**Task brief**.
Although the entries contain pictures, the copy should hold only their exact text.

**Provided information**.
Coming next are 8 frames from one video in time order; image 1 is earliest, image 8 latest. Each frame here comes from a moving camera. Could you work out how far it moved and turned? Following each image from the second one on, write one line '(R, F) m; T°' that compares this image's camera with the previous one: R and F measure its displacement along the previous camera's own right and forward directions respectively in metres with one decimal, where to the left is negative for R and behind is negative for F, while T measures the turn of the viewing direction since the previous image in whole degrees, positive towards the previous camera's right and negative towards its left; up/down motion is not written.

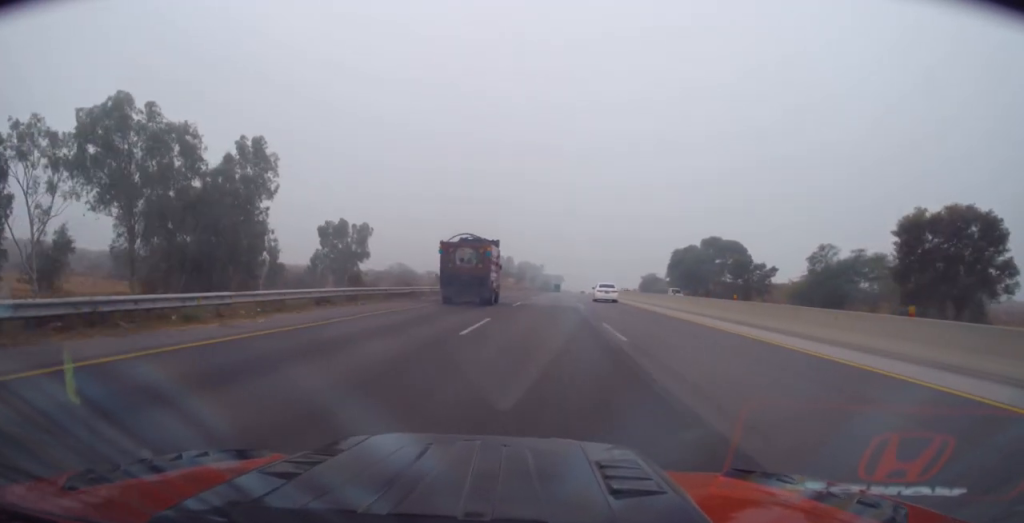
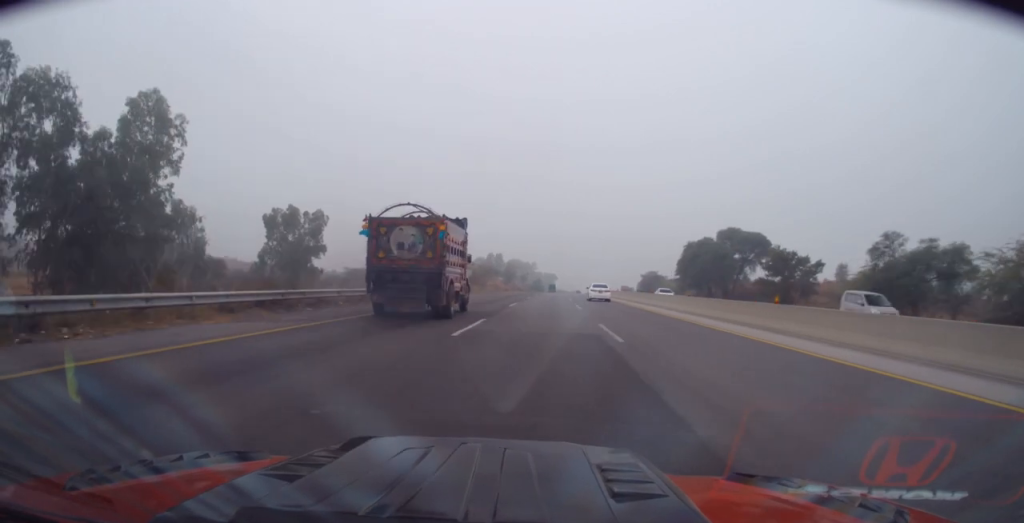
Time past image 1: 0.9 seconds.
(0.0, +18.3) m; 0°
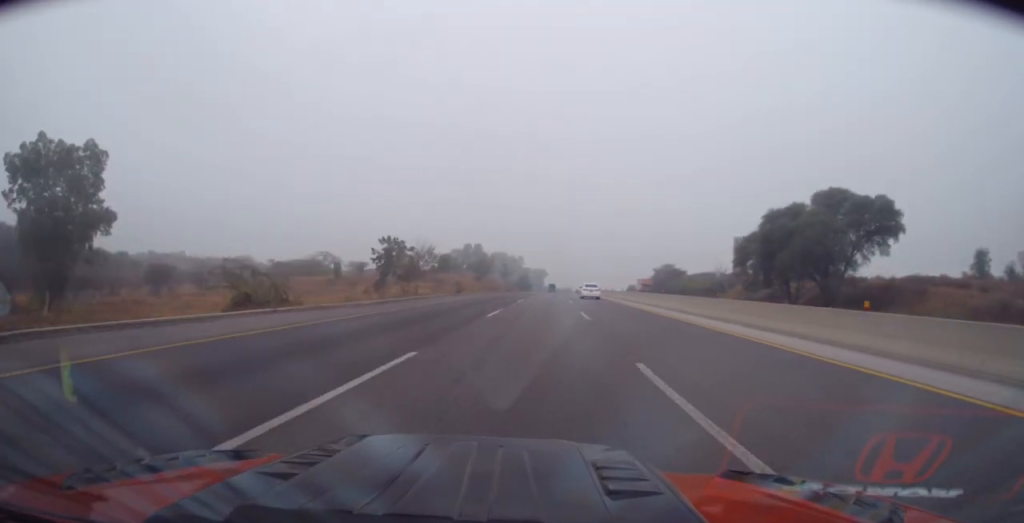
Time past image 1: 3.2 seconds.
(-0.1, +45.5) m; 0°
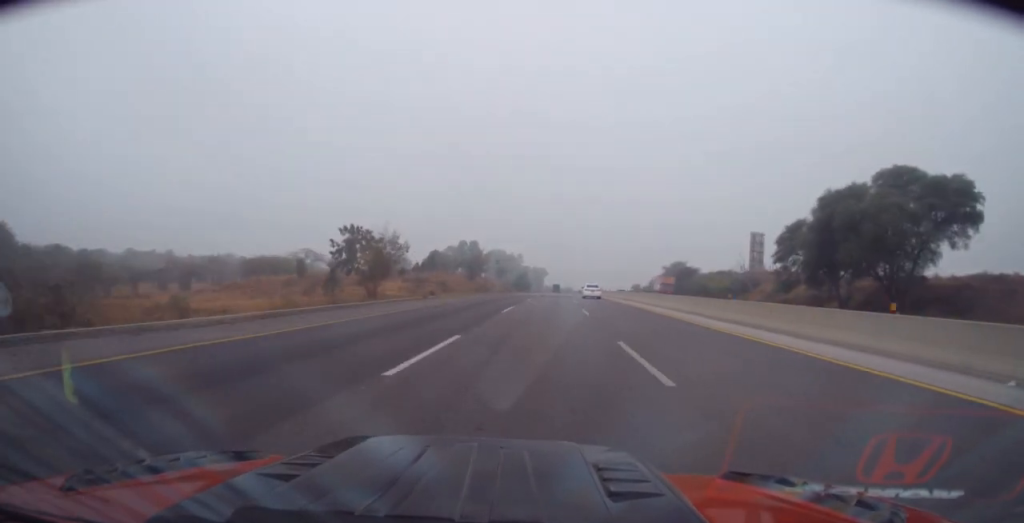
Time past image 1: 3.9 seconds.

**Output below**.
Coming next are 8 frames from one video in time order; image 1 is earliest, image 8 latest. Each frame here comes from a moving camera. Could you work out how far it moved and turned? Following each image from the second one on, write one line '(R, F) m; T°' that compares this image's camera with the previous one: R and F measure its displacement along the previous camera's own right and forward directions respectively in metres with one decimal, where to the left is negative for R and behind is negative for F, while T measures the turn of the viewing direction since the previous image in whole degrees, positive towards the previous camera's right and negative towards its left; up/down motion is not written.

Time past image 1: 0.9 seconds.
(0.0, +18.3) m; 0°
Time past image 1: 3.2 seconds.
(-0.1, +45.5) m; 0°
Time past image 1: 3.9 seconds.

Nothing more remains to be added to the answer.